Destejer esta tercera soledad implica, inclusive, retejer nuestro cerebro, pues ese otro, además de haber estado “allí afuera”, es, biológicamente, un conjunto exacto de interconexiones neuronales que necesitamos aprender a deshacer y, con ellas, tejer a ese otro en el lugar donde ahora está: en el pasado. La resolución de un duelo, neurológicamente, es eso. Y en el nuevo tejido el otro a veces queda olvidado (como sucede con un “gran amor” que al cabo de un tiempo reconocemos que no lo era), o recordado cada vez con menos dolor, menos zozobra, menos penar e, incluso, como inspiración para gestar una vida lo más plena posible.

Así, no es raro que estas dos últimas soledades, si se elaboran con inteligencia emocional, deriven en ponderar con cariño a la primera: darle espacio al solitario sano que llevamos dentro, a la solitud.
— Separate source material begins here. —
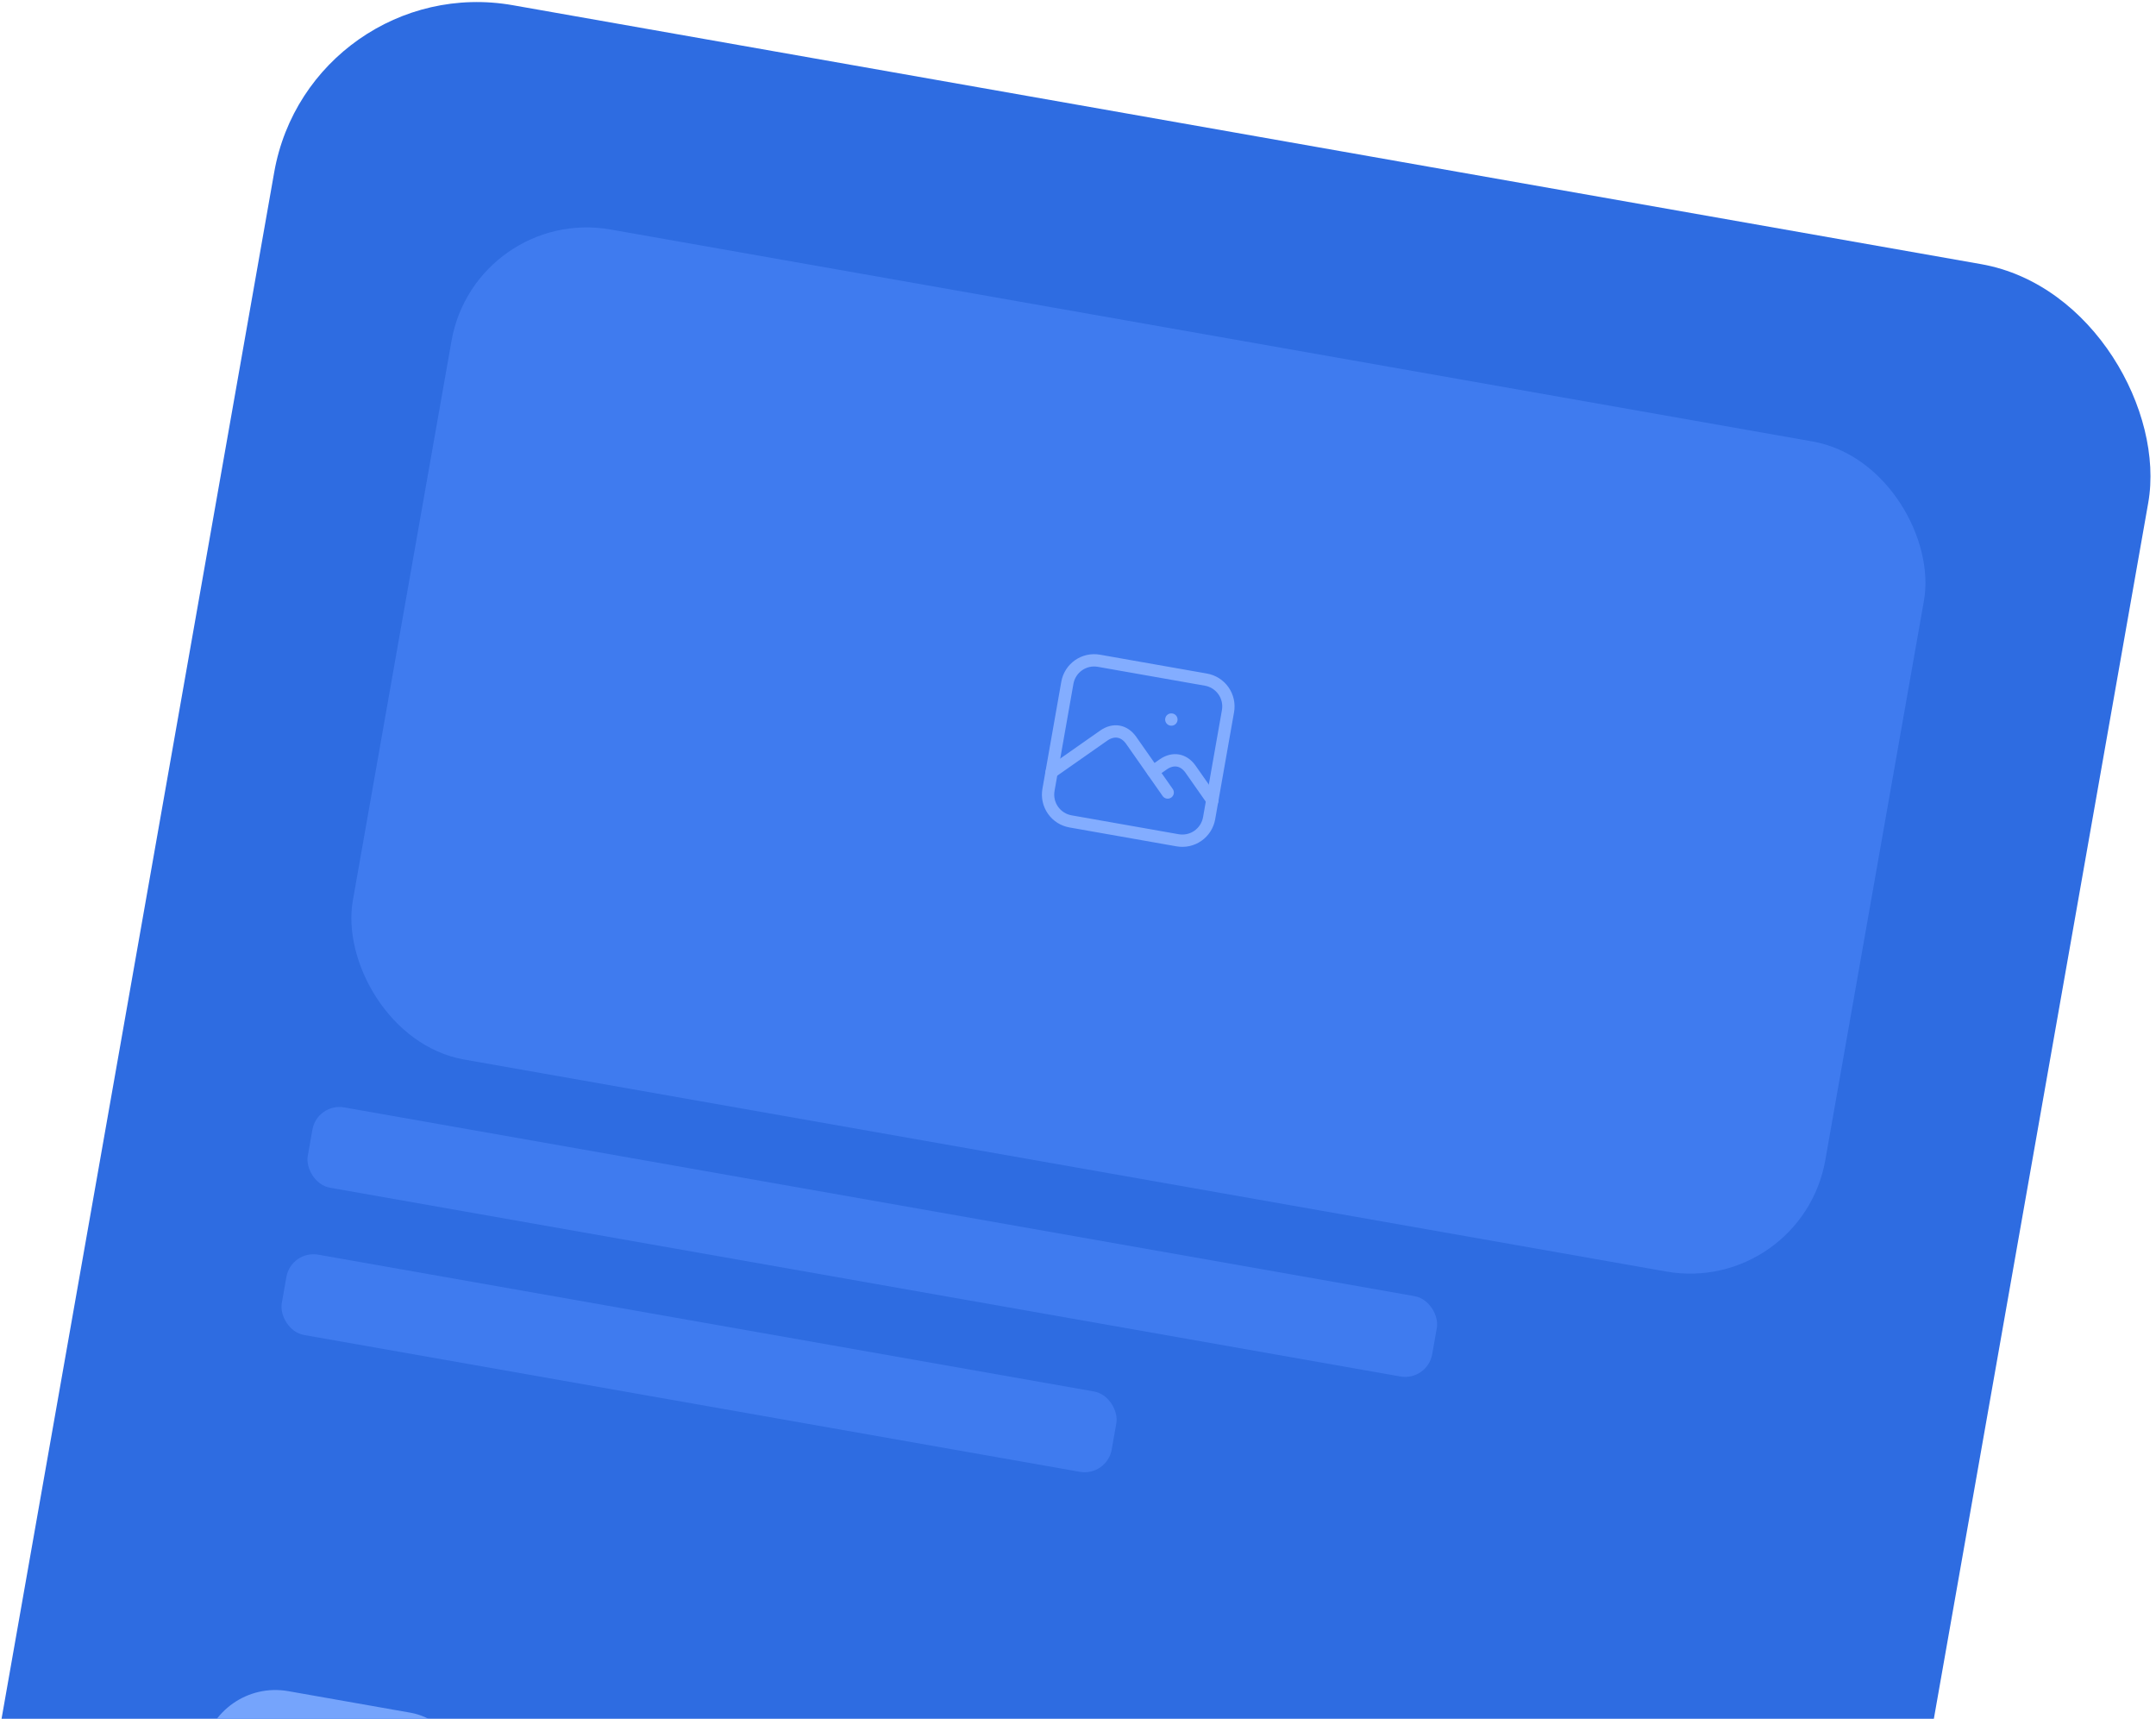 <?xml version="1.0" encoding="UTF-8"?> <svg xmlns="http://www.w3.org/2000/svg" width="138" height="110" viewBox="0 0 138 110" fill="none"><g clip-path="url(#clip0_852_720)"><rect x="19.84" y="-1.956" width="121.803" height="139.203" rx="13.184" transform="rotate(10 19.84 -1.956)" fill="#2E6CE1"></rect><rect x="30.426" y="13.162" width="95.702" height="53.941" rx="8.79" transform="rotate(10 30.426 13.162)" fill="#3F7BEF"></rect><g clip-path="url(#clip1_852_720)"><path d="M74.972 46.049L74.978 46.05M68.319 43.698C68.399 43.244 68.656 42.84 69.034 42.575C69.412 42.31 69.88 42.207 70.335 42.287L77.189 43.495C77.644 43.575 78.048 43.833 78.312 44.211C78.577 44.589 78.681 45.057 78.601 45.511L77.392 52.366C77.312 52.82 77.054 53.224 76.676 53.489C76.298 53.754 75.831 53.857 75.376 53.777L68.522 52.568C68.067 52.488 67.663 52.231 67.399 51.853C67.134 51.475 67.03 51.007 67.11 50.553L68.319 43.698Z" stroke="#83ADFF" stroke-width="0.788" stroke-linecap="round" stroke-linejoin="round"></path><path d="M67.316 49.41L70.675 47.058C71.295 46.641 71.949 46.757 72.389 47.36L74.741 50.72" stroke="#83ADFF" stroke-width="0.788" stroke-linecap="round" stroke-linejoin="round"></path><path d="M73.805 49.376L74.476 48.905C75.096 48.489 75.75 48.604 76.19 49.208L77.602 51.223" stroke="#83ADFF" stroke-width="0.788" stroke-linecap="round" stroke-linejoin="round"></path></g><rect x="20.301" y="70.567" width="73.082" height="5.22" rx="1.758" transform="rotate(10 20.301 70.567)" fill="#3F7BEF"></rect><rect x="18.637" y="79.992" width="53.941" height="5.22" rx="1.758" transform="rotate(10 18.637 79.992)" fill="#3F7BEF"></rect><rect x="13.793" y="107.41" width="17.4" height="17.4" rx="4.727" transform="rotate(10 13.793 107.41)" fill="#75A4FC"></rect></g><defs><clipPath id="clip0_852_720"><rect width="138" height="110" fill="white"></rect></clipPath><clipPath id="clip1_852_720"><rect width="13.92" height="13.92" fill="white" transform="translate(67.215 39.969) rotate(10)"></rect></clipPath></defs></svg>

Pues solamente quien es capaz de ejercer una soledad saludable como ésa podrá elegir lúcidamente sus vínculos (y no como quien se agarra al primer madero que pasa flotando en la corriente como para no ahogarse… ¡aunque esté lleno de escorpiones o de hormigas!).
Aprender a estar solo puede ser desafiante. Pero es un paso hacia una madurez inmensa: la conquista de nuestro territorio interno. Saber estar solo es tener mejores bases desde las cuales estar con otros. Otros elegidos, que ya no serán un “relleno”. Otros que amen ese silencio generatriz que sostiene las notas de aquella canción cantarina o serena que es esa preciosa solitud.

  

Aprendamos a estar juntos sabiendo bien cómo estar solos. Que así sea.